# Probability of same last four digits of a telephone number

Yesterday I was talking to a girl and asked her for her phone number. Once she gave it to me we realized that we got exact same last four digits. Hence out of a 8 digit phone number the last 4 digits were same. She commented that maybe it’s a strong connection and then asked “What is the probability of that happening?”

Now, I haven’t done any maths (let alone probability) in a long time.

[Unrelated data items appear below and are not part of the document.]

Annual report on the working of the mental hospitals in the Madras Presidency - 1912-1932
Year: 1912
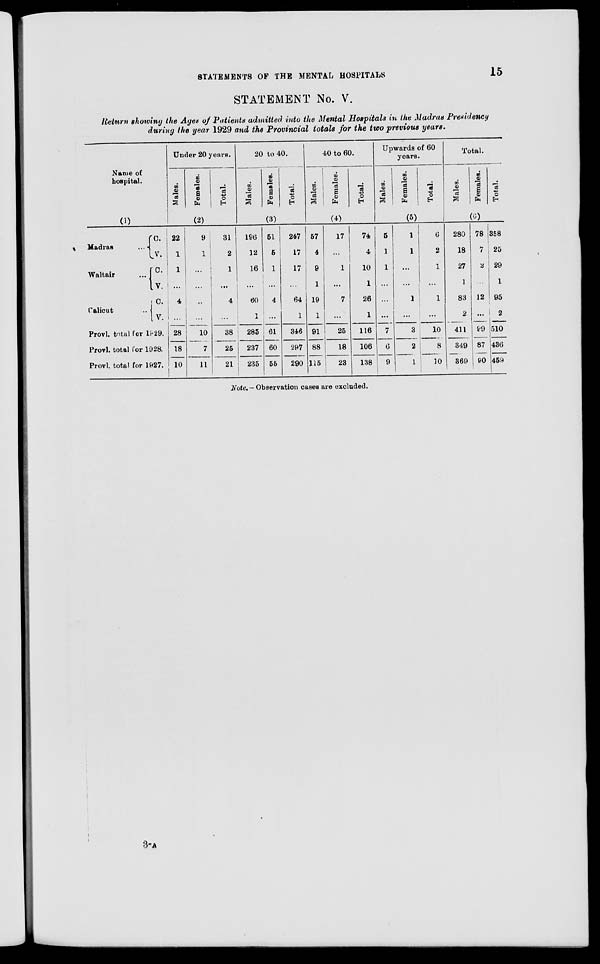
STATEMENTS OF THE MENTAL HOSPITALS
15
STATEMENT No. V.
Return showing the Ages of Patients admitted into the Mental Hospitals in the Madras Presidency
during the year 1929 and the Provincial totals for the two previous years.
Name of
hospital.
(1)
Madras
...
Waltair ...
Calicut
C.
V.
C.
V.
C.
V.
Provl. total for 1929.
Provl. total for 1928.
Provl. total for 1827.
Under 20 years.
Males.
Females.
Total.
(2)
22
1
1
...
4
...
28
18
10
9
1
...
...
...
...
10
7
11
31
2
1
...
4
...
38
25
21
20 to 40.
Males.
Females.
Total.
(3)
196
12
16
...
60
1
285
237
235
51
5
1
...
4
...
61
60
55
247
17
17
...
64
1
346
297
290
40 to 60.
Males.
Females.
Total.
(4)
57
4
9
1
19
1
91
88
115
17
...
1
...
7
...
25
18
23
74
4
10
1
26
1
116
106
138
Upwards of 60
years.
Males.
Females.
Total.
(5)
5
1
1
...
...
...
7
6
9
1
1
...
...
1
...
3
2
1
6
2
1
...
1
...
10
8
10
Total.
Males.
Females.
Total.
(6)
280
18
27
1
83
2
411
349
369
78
7
2
...
12
...
99
87
90
358
25
29
1
95
2
510
436
459
Note.— Observation cases are excluded.
3-A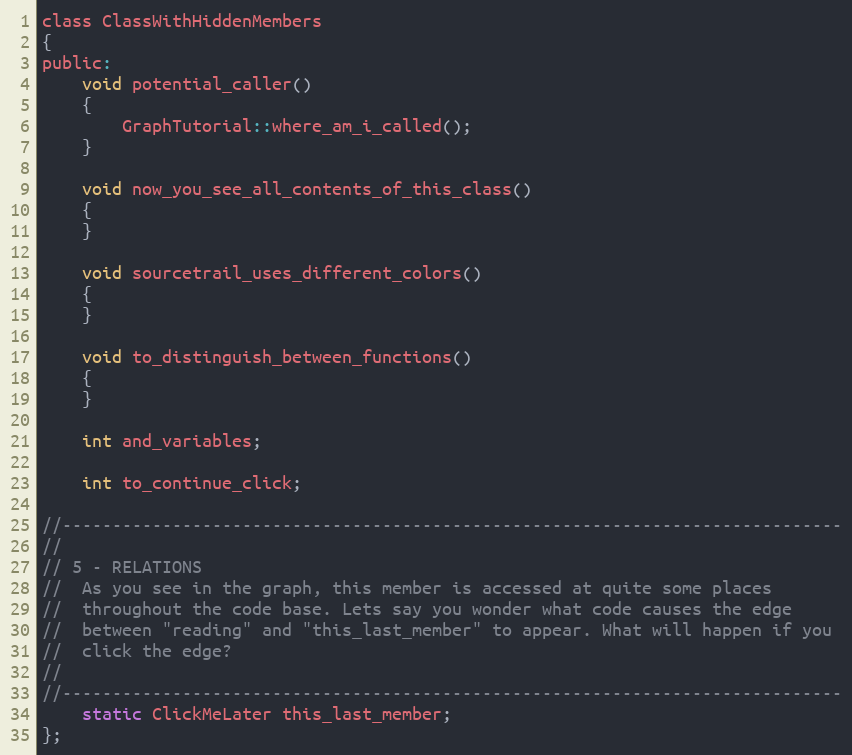
Language: C
class ClassWithHiddenMembers
{
public:
	void potential_caller()
	{
		GraphTutorial::where_am_i_called();
	}

	void now_you_see_all_contents_of_this_class()
	{
	}

	void sourcetrail_uses_different_colors()
	{
	}

	void to_distinguish_between_functions()
	{
	}

	int and_variables;

	int to_continue_click;

//------------------------------------------------------------------------------
//
// 5 - RELATIONS
//  As you see in the graph, this member is accessed at quite some places
//  throughout the code base. Lets say you wonder what code causes the edge
//  between "reading" and "this_last_member" to appear. What will happen if you
//  click the edge?
//
//------------------------------------------------------------------------------
	static ClickMeLater this_last_member;
};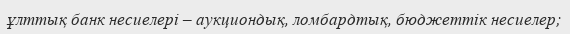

Can someone help me understand?

I think its $$\frac{1}{10} \times \frac{1}{10} \times \frac{1}{10} \times \frac{1}{10}$$, as each of the last 4 digits are unique. This translates to a $$0.01\%$$ chance.

Is this correct?

• That probability assumes that all 8 digit phone numbers are accounted for in the sample space. If you could guarantee that all numbers, from 00000000 to 99999999 are in use, then yes, your probability would be .01% since your sample space would include 100,000,000 and the numbers of the form $abcdxxxx$ are 10,000. – Eleven-Eleven Apr 17 '14 at 1:50
• @Eleven-Eleven thanks :-) I get your explanation . maybe you should have this as an answer :) – rockstar Apr 17 '14 at 1:52

Imagine I met someone new, and after we exchanged phone numbers, we noticed that they had the same first four digits. Wow! There’s only a 0.01% chance of that. What if our phone numbers had ended in $5463$ and $3645$, respectively? Wow! Those are the reverse of each other. That’s a rare coincidence. What if they were $1087$ and $9812$, which differ by exactly $8888$? Wow! That’s amazing! Maybe the eight digits of my number add up to 37, and that’s what his digits add up to. Not quite as rare, but still unusual.